So I'm apparently in the minority: I unabashedly love this, but I've read the 'Road to Task Force Z' story in Detective comics - and I will reread those issues eventually, but I had to travel and didn't want to carry them for a small portion of the comics.
TFZ wasn't what I expected: Road to TFZ was funny in a completely different way, but I also wanted to see if Rosenberg really had a grip on Red Hood: Jason Todd is my favorite Robin and while I still probably would have read this - and yes, subscribed - if it was even fair writing of him, I wanted it to be good.

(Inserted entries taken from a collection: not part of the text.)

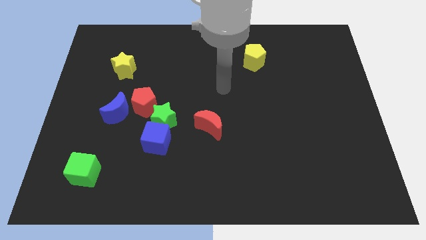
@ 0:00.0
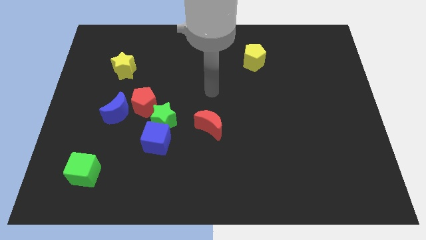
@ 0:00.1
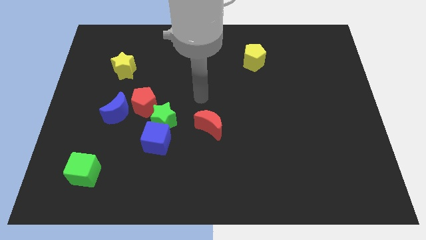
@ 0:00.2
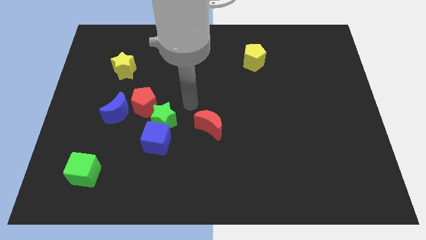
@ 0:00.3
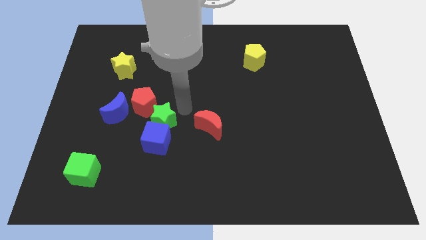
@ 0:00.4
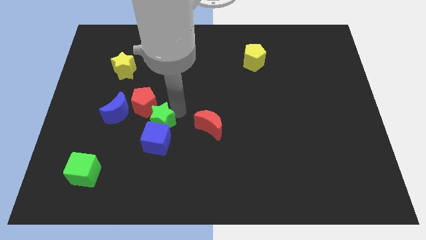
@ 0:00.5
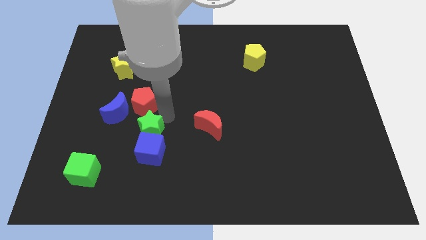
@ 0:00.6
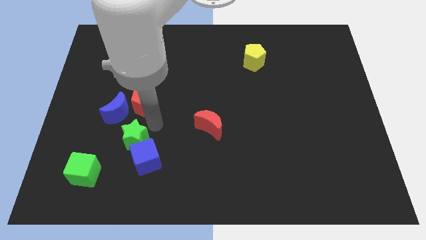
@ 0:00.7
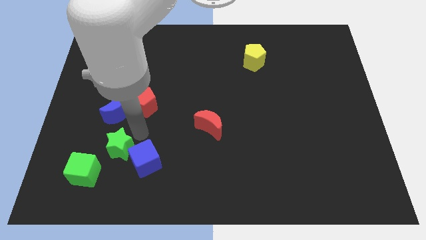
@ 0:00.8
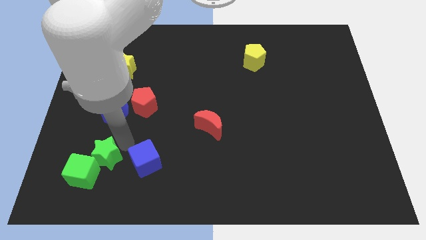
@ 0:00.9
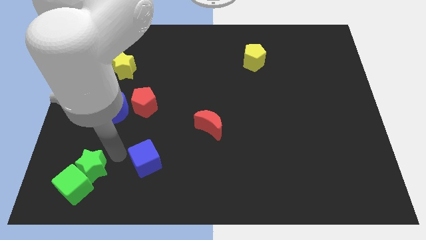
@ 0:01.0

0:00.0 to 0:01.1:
separate the blue cube from the green star

Rosenberg delivers. Jason walks a fine line: he wants to be better than he was, but also recognizes the things he's done that... are not so great. Like all the murder. So of course, Crispin, the disembodied voice that is Jason's connection to the murky higher-ups at TFZ uses that against him. Jason, he declares, is just as much of a monster as the rest of Task Force Z, but sees himself as a hero. (I disagree: Bane, for example, killed for power, while Jason was truly trying to protect innocent people. Anti heroes aren't villains, although one can argue they're not as pure as Batman, say, who doesn't resort to the violence anti heroes are prone to. Crispin conflates the two as just as bad, which I think isn't as nuanced as it should be - but here we are.)
He also doesn't want to lead a team of supervillains who are now undead, although Crispin is irked by the term 'zombies.' (They're dead, brought back, and eat people: they're zombies even if the TFZ policy is not to call them zombies.). Jason was led to believe he'd lead a team, but he hasn't been told about this. He sees TFZ as uncontrollable - and expendable - and doesn't think this will work.

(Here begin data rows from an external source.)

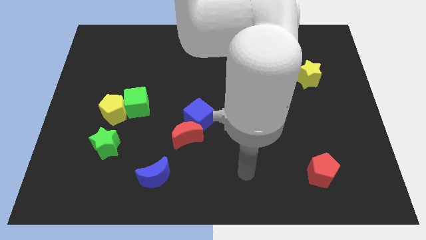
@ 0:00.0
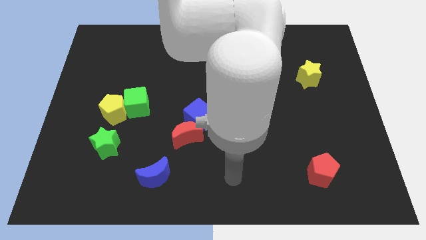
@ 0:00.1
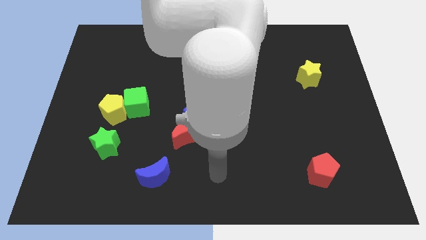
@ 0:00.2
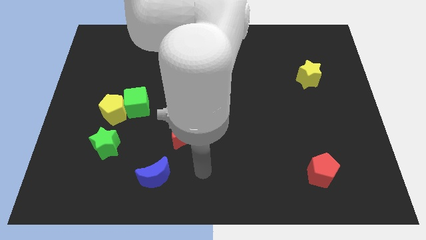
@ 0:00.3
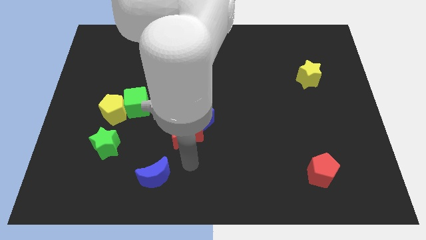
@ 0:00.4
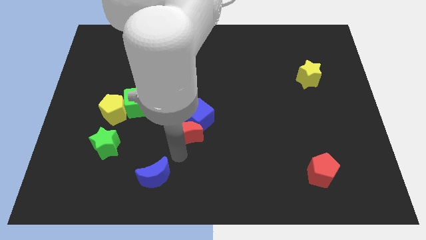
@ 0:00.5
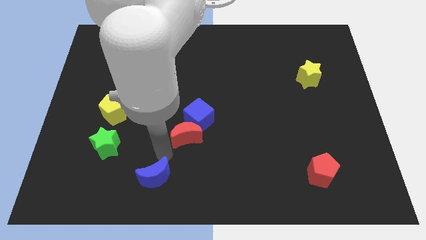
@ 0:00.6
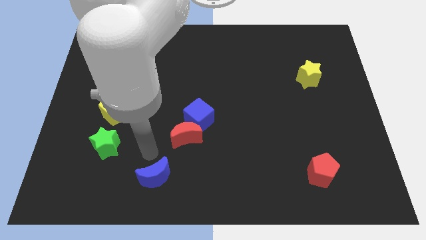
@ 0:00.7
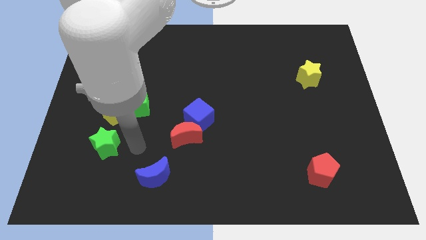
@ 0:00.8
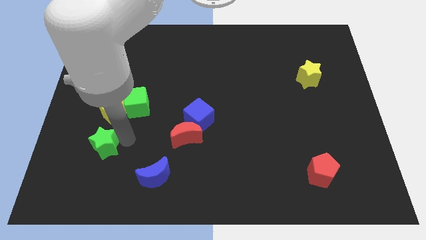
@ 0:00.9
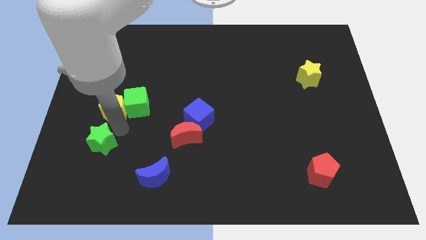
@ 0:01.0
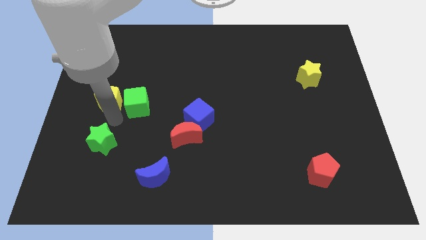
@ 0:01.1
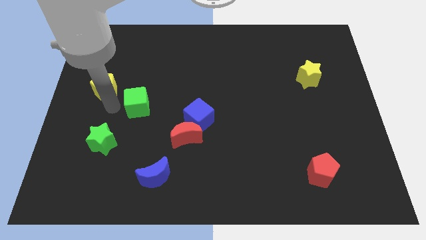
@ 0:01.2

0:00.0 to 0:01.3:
separate the green cube from the yellow pentagon

Still, he has no choice: captured by the police, traded - for what, we're not sure yet - so Crispin and unnamed others can use him, Jason has no choice. He's unnerved the more he learns: a normal seeming, self-declared lady is in the containment wing, and he's sure she'll be killed. This decision taps into Jason's protectiveness, and women and children are his big 'weakness': he will protect them at any cost, unless, of course, they're what he considers evil (legitimate super villains, mobsters who order/carry out hits, etc.). He gets exposed to the Lazarus resin that revives these villains - and has to take a decontamination shower because they don't know what it will do to living people. (Or living people who were revived after death, but not zombies in this case, I guess.) There's a lot he hasn't been told, or that has been obscured: sure, he was told the resin was safe, but not 'relatively safe' in that they know what it does to dead people, and not much more. There's reasons to be suspicious, and bitterly regret being dragged into this.
I hope he finds out what's happening soon.
Anyway, great writing, some really funny lines, some serious scenes that give us a peek into the tensions between the team, between Jason and Crispin, the doctor might be cloned, I guess? The art is just beautiful.
Love, love, love. Just glancing at the reviews, I see my opinion isn't the popular one, but so far this has been five stars for me all the way: I'm truly enjoying this title.